Yes! India is member of the following treaties governing patents:

Convention establishing World Intellectual Property Organization (WIPO) Trips Agreement under the World Trade Organization. Paris Convention for the protection of Industrial Property with effect from Dec. 7, 1998. Patent Cooperation Treaty (PCT) with effective from Dec. 7, 1998

Patent Cooperation Treaty (PCT)

The PCT is an international agreement that helps to simplify the process of filing patent applications in several countries. PCT has been administered by WIPO (World Intellectual Property Organization). As on 1 May 2011, the WIPO recorded a total of 143 contracting states to the Patent Cooperation Treaty (PCT). The PCT application has two phases: International and National. The National Phase follows the International Phase and consists of processing the application in the Patent Office of specific countries following the same procedure as processing a national application entry in India .

Patent Cooperation Treaty (PCT)


The delayed processing benefit with PCT

An inventor/assignee can file an application for grant of Patent via PCT route in his own home country (called International Application) After search and examination of his invention for novelty, patentability etc., he can file his application for grant of Patent in other countries (called entry into National Phase PCT Patent Application).
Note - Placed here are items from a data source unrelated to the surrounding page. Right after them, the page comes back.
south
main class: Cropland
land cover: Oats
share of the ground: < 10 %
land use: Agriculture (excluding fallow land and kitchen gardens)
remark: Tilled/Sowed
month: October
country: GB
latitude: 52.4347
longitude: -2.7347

The National Phase PCT Patent application in India under Chapter II can be filed within 31 months of the international filing date or date of filing in India.

Traditional Knowledge Digital Library Why?
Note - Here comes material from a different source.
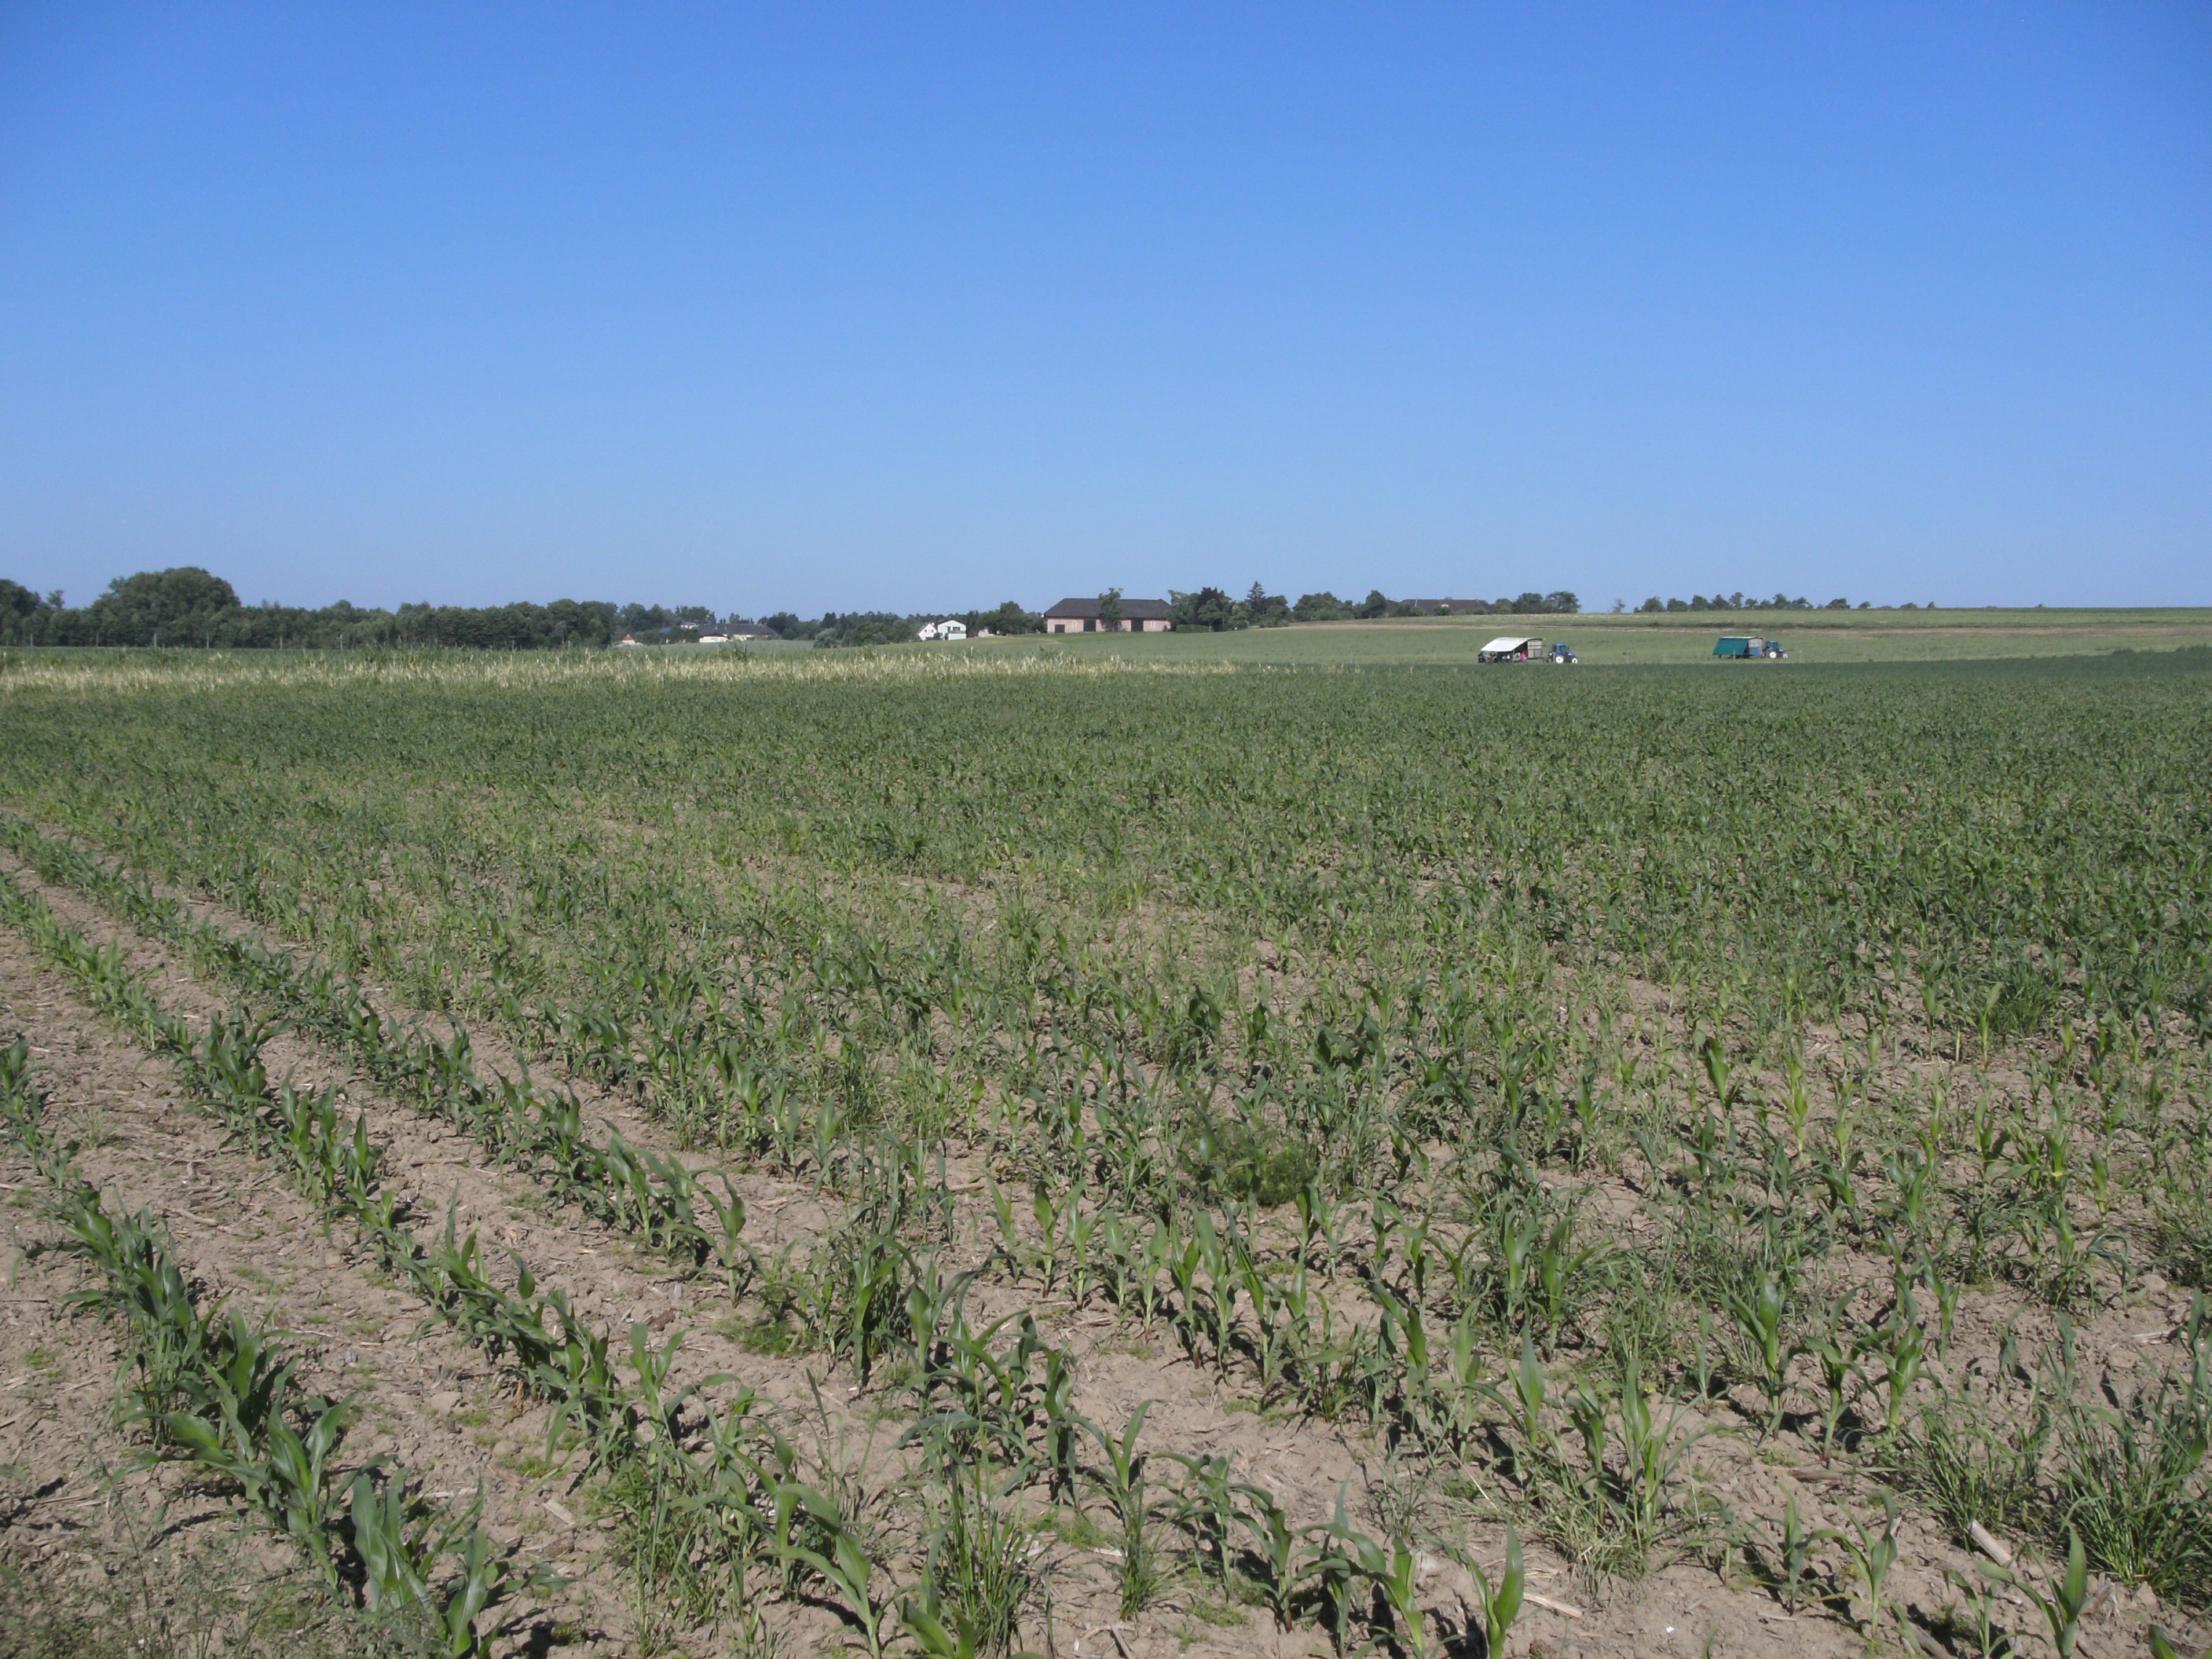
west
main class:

It has been observed that in the past years patents have been wrongly granted to traditional knowledge related inventions which do not fulfill the requirement of novelty and inventive step, particularly due to existence of relevant prior art. For instance, this has happened in the case of Turmeric, Neem, Basmati etc.

TKDL Why?

The practical obstacle underlying the issue was that patent examiners they did not have access to traditional knowledge information in their classified non-patent literature. The reasons for this non-accessibility were that the Indian traditional knowledge exists in local languages such as Sanskrit, Urdu, Arabic, Persian, Tamil, etc. which either was not available or not understood by patent examiners. TKDL breaks the language and format barrier and makes available this information in English, French, Spanish, German and Japanese in patent application format

What is TKDL?

TKDL contains the scanned images of medicinal formulations from the original books. TKDL covers over two lakh formulations which have been taken from Ayurveda, Unani, Siddha and Yoga texts. It is pertinent to note that TKDL does not contain the entire information existing in the Indian Systems of Medicine. Rather than comprehensive, TKDL is a dynamic database, where formulations will be continuously added and continuously updated according to the inputs from the users of the database.